### Material provided
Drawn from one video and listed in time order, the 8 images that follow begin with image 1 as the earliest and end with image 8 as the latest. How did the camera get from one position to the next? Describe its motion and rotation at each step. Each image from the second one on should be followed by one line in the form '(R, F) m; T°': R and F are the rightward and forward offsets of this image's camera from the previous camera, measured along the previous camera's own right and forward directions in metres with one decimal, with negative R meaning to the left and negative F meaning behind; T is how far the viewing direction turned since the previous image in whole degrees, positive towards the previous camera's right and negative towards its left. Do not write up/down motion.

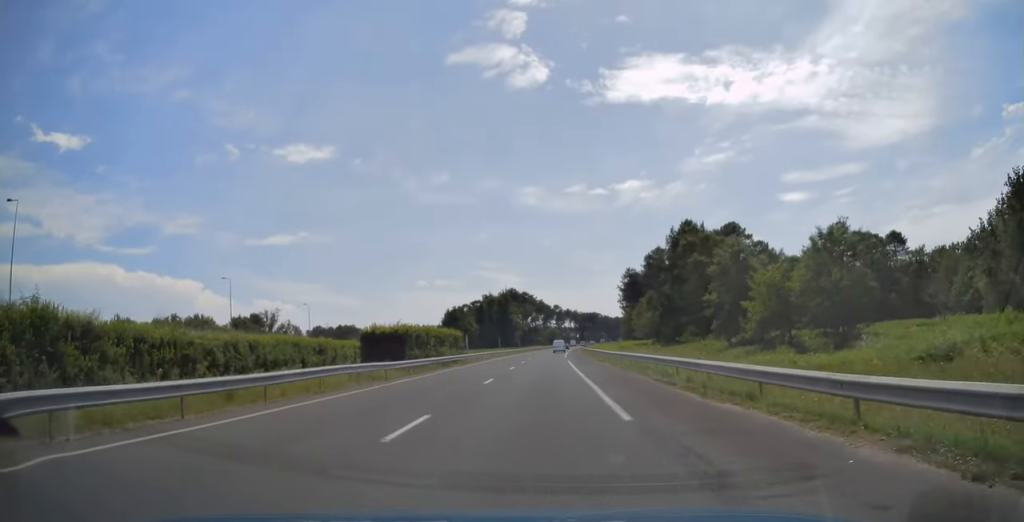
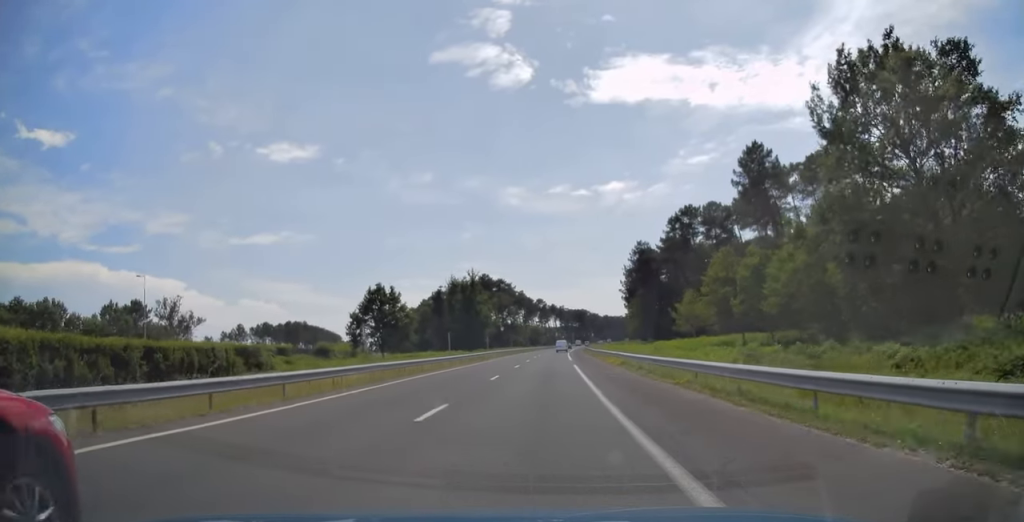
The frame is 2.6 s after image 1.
(+0.7, +62.2) m; +2°
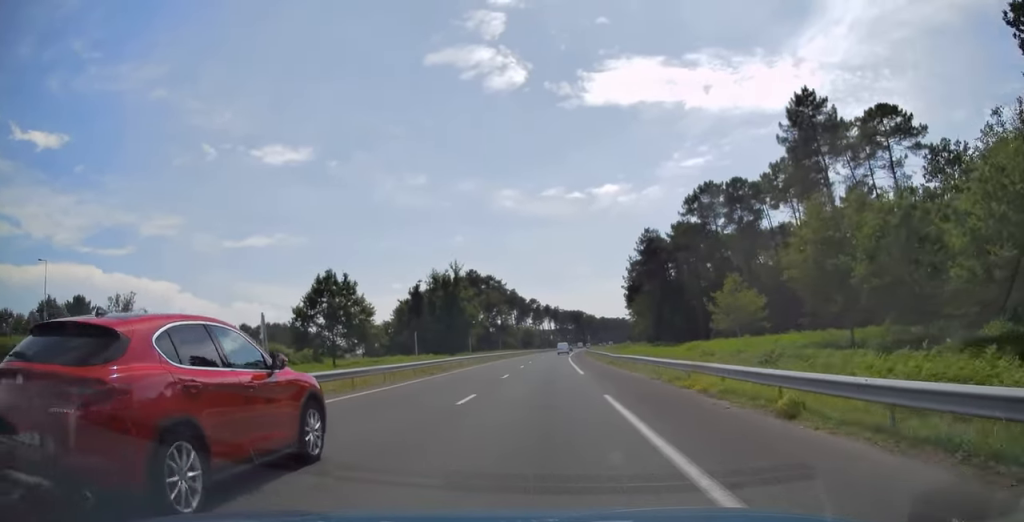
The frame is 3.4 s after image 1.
(+0.1, +22.0) m; 0°
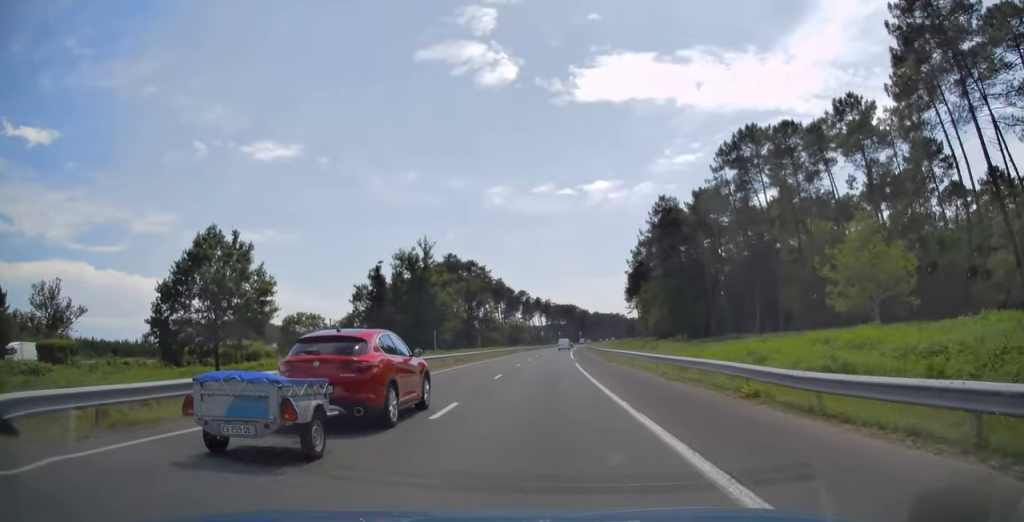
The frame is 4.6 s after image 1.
(+0.1, +29.3) m; 0°
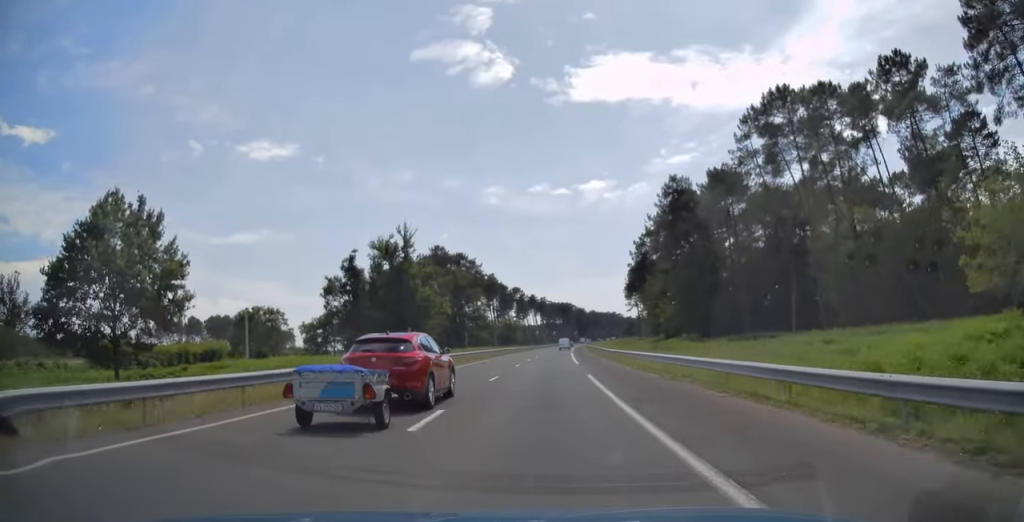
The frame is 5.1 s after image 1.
(0.0, +14.3) m; 0°
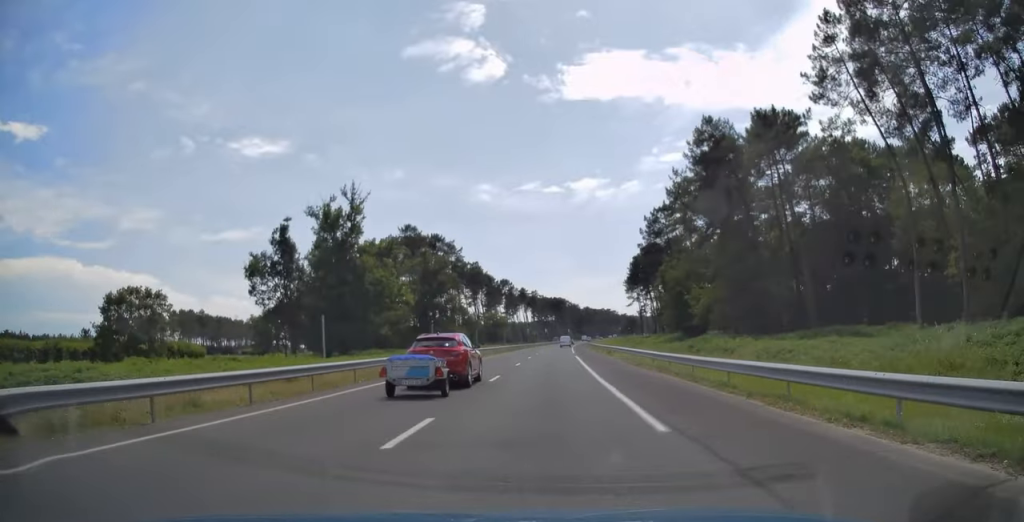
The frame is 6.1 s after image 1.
(+0.2, +27.5) m; +1°
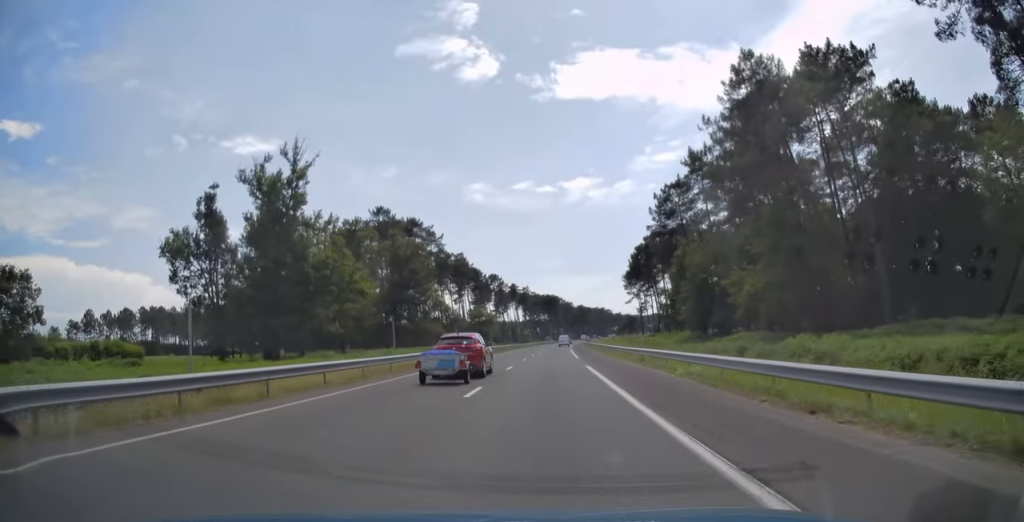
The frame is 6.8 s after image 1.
(+0.2, +19.0) m; +1°
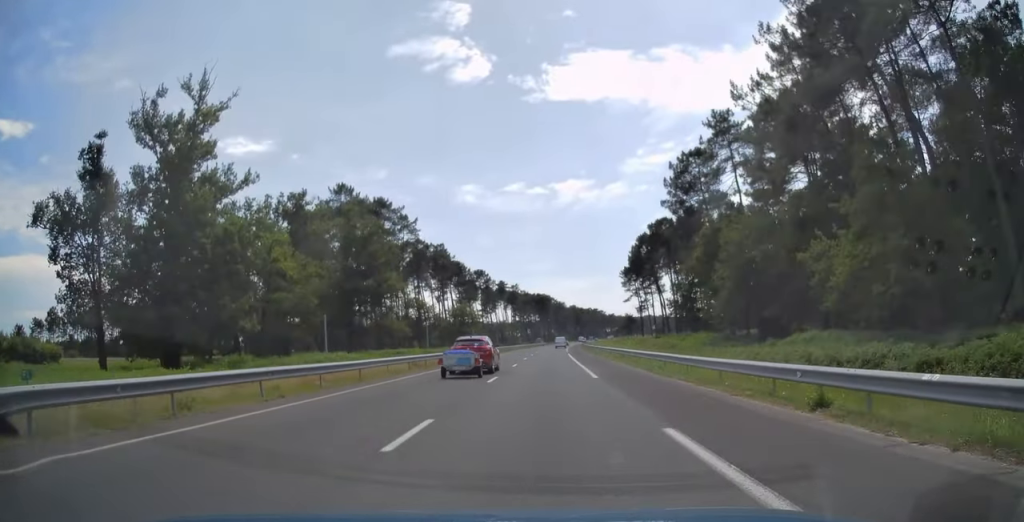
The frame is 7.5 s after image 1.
(+0.1, +20.0) m; +1°

### What you have to do
Give back every record above word for word, dropping pictures.

### Reply
Drawn from one video and listed in time order, the 8 images that follow begin with image 1 as the earliest and end with image 8 as the latest. How did the camera get from one position to the next? Describe its motion and rotation at each step. Each image from the second one on should be followed by one line in the form '(R, F) m; T°': R and F are the rightward and forward offsets of this image's camera from the previous camera, measured along the previous camera's own right and forward directions in metres with one decimal, with negative R meaning to the left and negative F meaning behind; T is how far the viewing direction turned since the previous image in whole degrees, positive towards the previous camera's right and negative towards its left. Do not write up/down motion.

The frame is 2.6 s after image 1.
(+0.7, +62.2) m; +2°
The frame is 3.4 s after image 1.
(+0.1, +22.0) m; 0°
The frame is 4.6 s after image 1.
(+0.1, +29.3) m; 0°
The frame is 5.1 s after image 1.
(0.0, +14.3) m; 0°
The frame is 6.1 s after image 1.
(+0.2, +27.5) m; +1°
The frame is 6.8 s after image 1.
(+0.2, +19.0) m; +1°
The frame is 7.5 s after image 1.
(+0.1, +20.0) m; +1°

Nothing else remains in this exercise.